## Exercise
Leave out the images and repeat every entry below exactly.

## Data listing

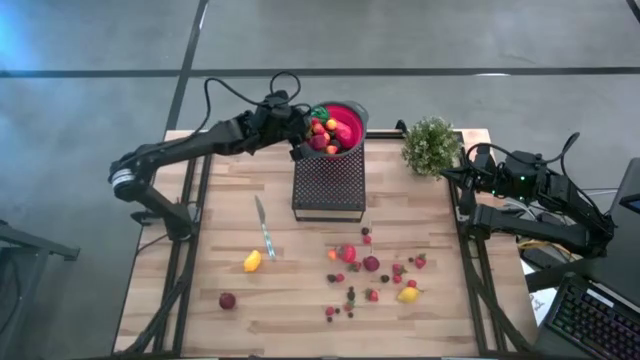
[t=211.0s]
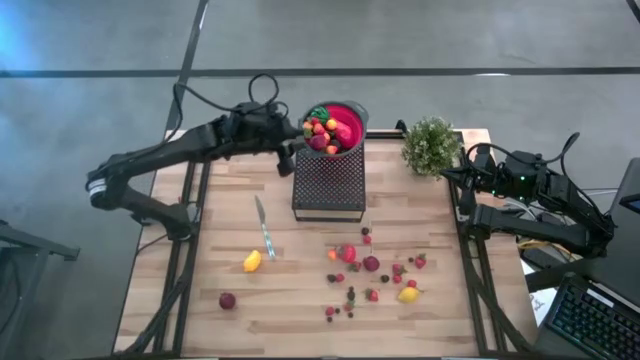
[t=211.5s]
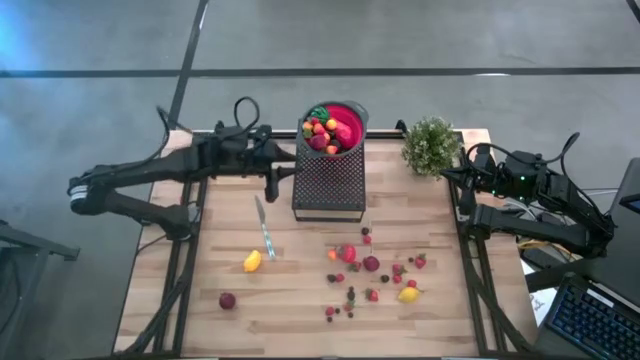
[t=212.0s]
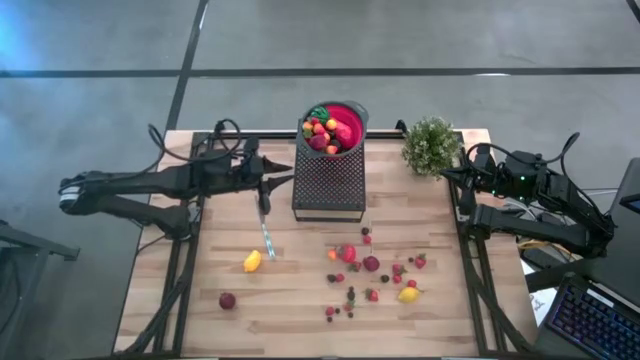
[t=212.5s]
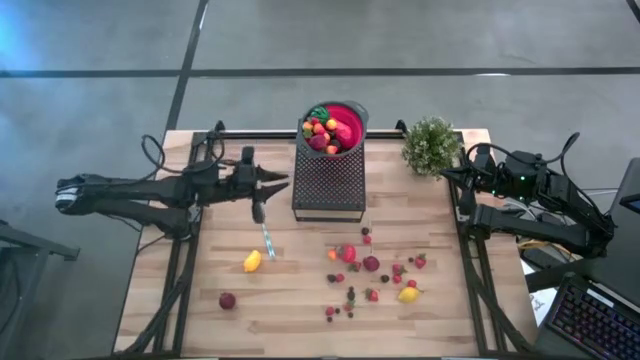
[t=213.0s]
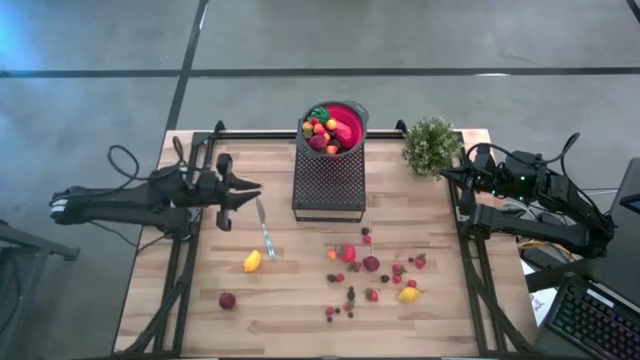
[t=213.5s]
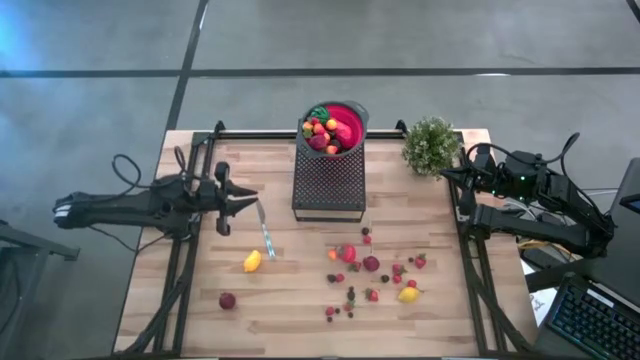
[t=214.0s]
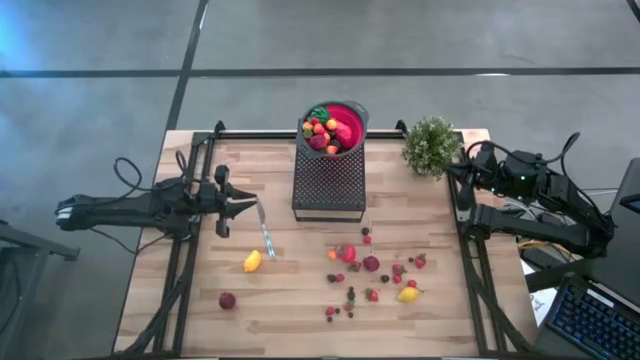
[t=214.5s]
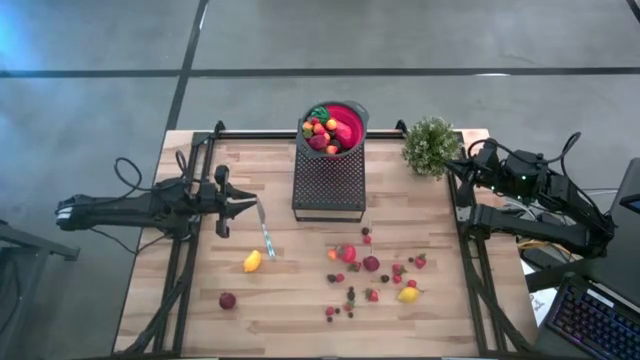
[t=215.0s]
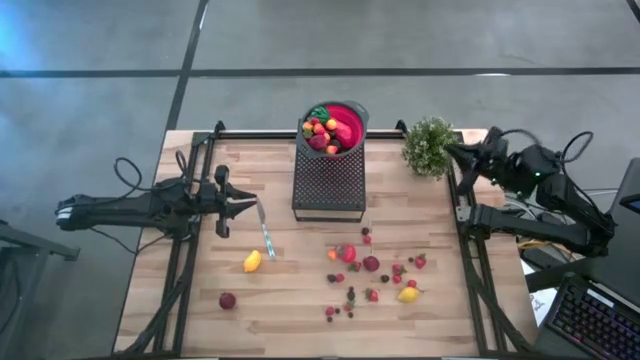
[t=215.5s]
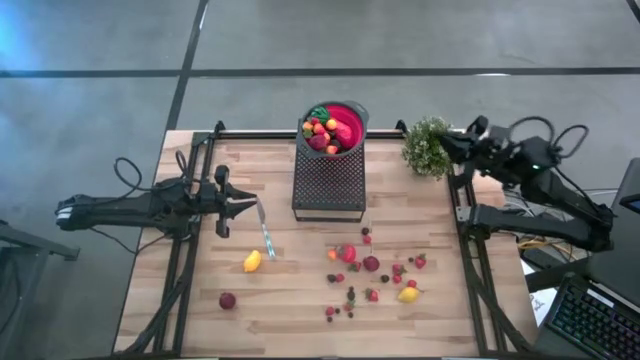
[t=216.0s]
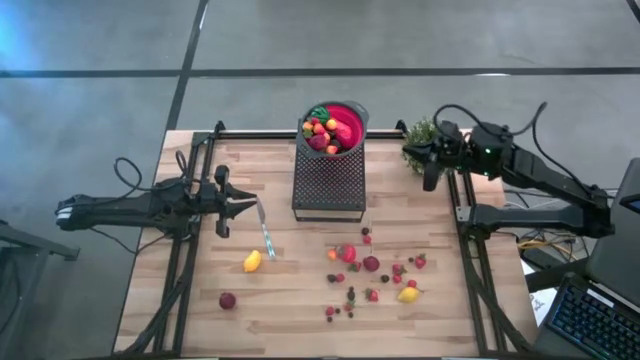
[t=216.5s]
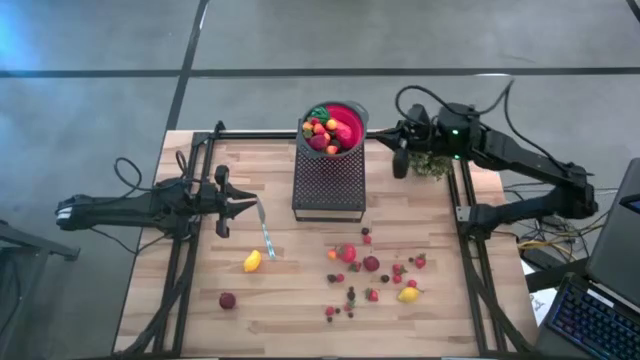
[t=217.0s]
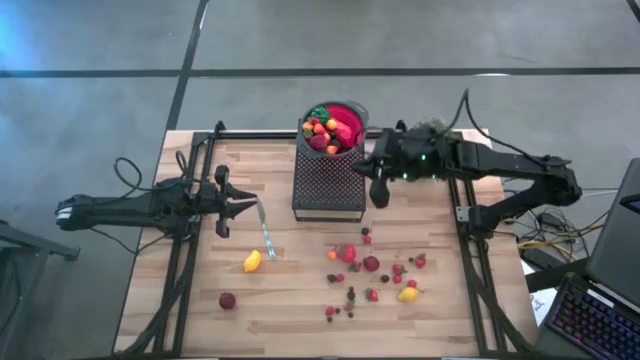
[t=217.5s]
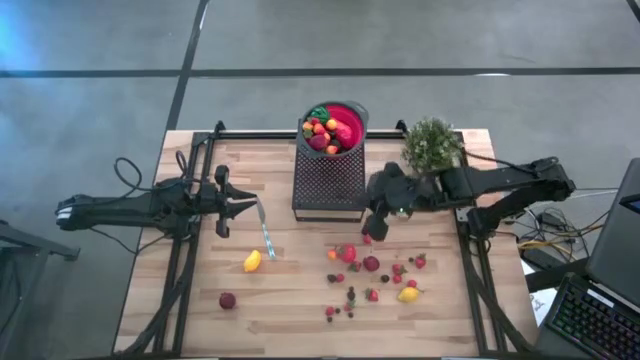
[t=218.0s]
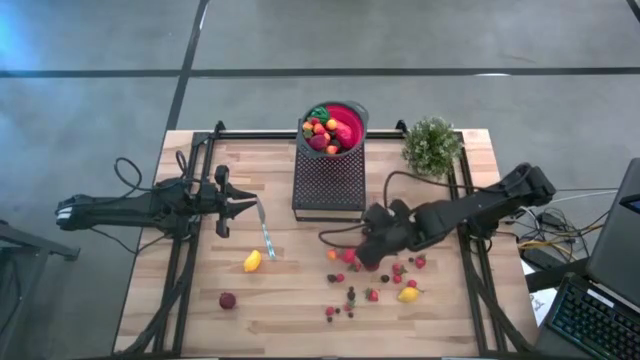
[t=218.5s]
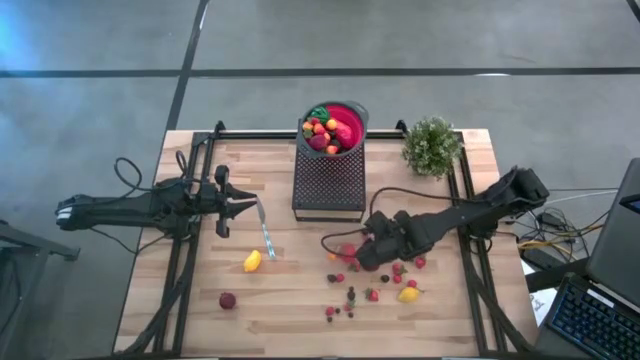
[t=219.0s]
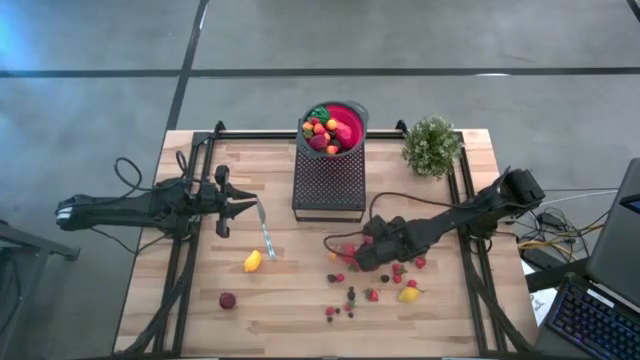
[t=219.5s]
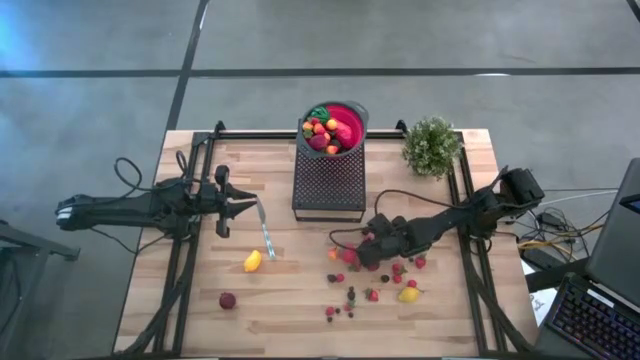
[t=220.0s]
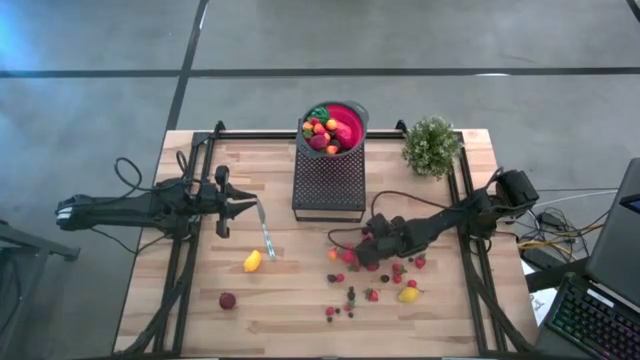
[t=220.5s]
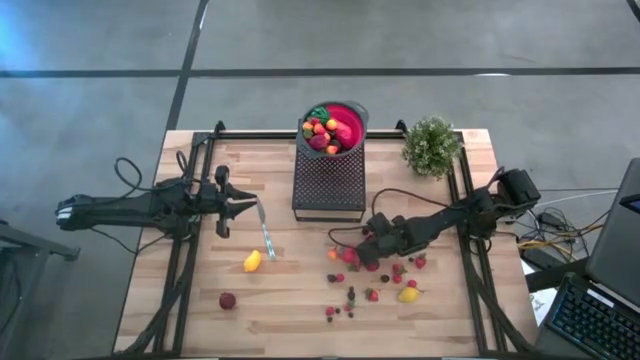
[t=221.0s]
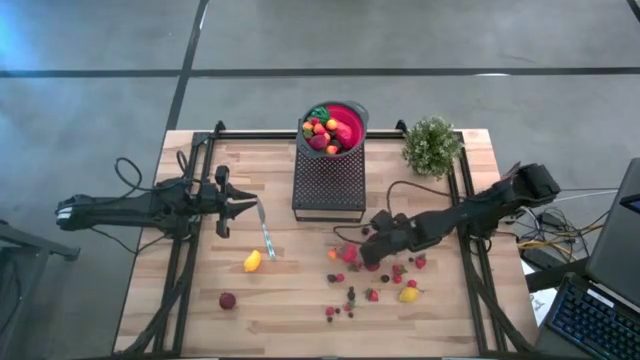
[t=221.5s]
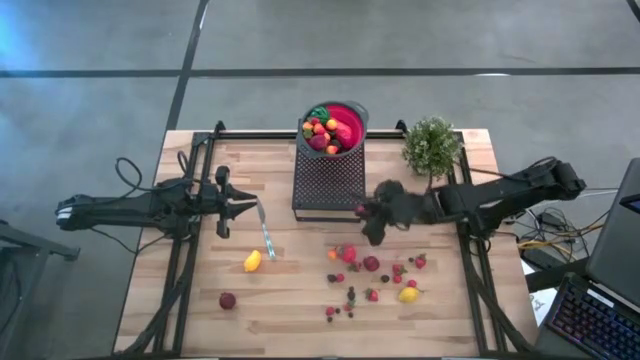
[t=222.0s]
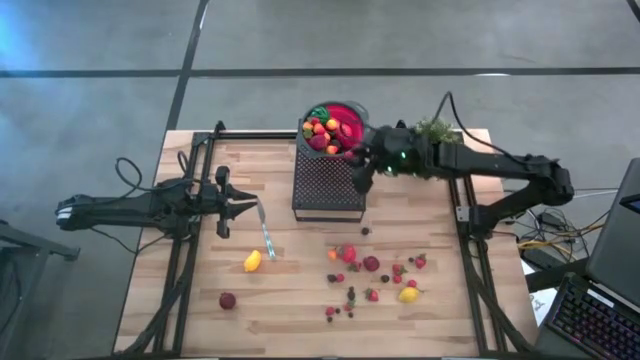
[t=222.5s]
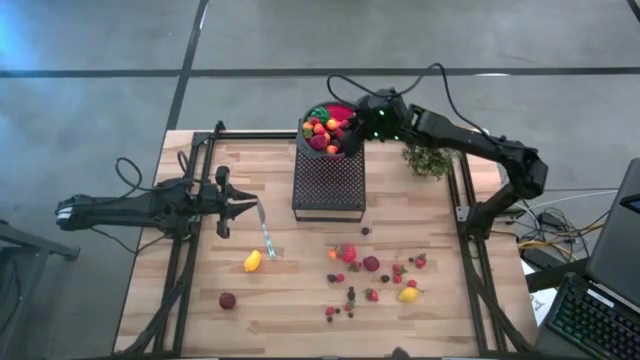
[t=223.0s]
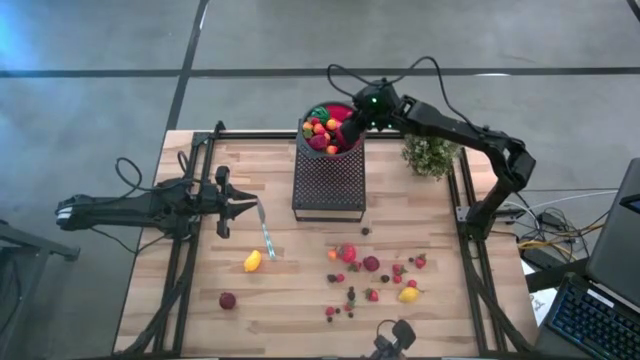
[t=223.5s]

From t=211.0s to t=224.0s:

## Problem solution
[t=211.0s]
[t=211.5s]
[t=212.0s]
[t=212.5s]
[t=213.0s]
[t=213.5s]
[t=214.0s]
[t=214.5s]
[t=215.0s]
[t=215.5s]
[t=216.0s]
[t=216.5s]
[t=217.0s]
[t=217.5s]
[t=218.0s]
[t=218.5s]
[t=219.0s]
[t=219.5s]
[t=220.0s]
[t=220.5s]
[t=221.0s]
[t=221.5s]
[t=222.0s]
[t=222.5s]
[t=223.0s]
[t=223.5s]

From t=211.0s to t=224.0s:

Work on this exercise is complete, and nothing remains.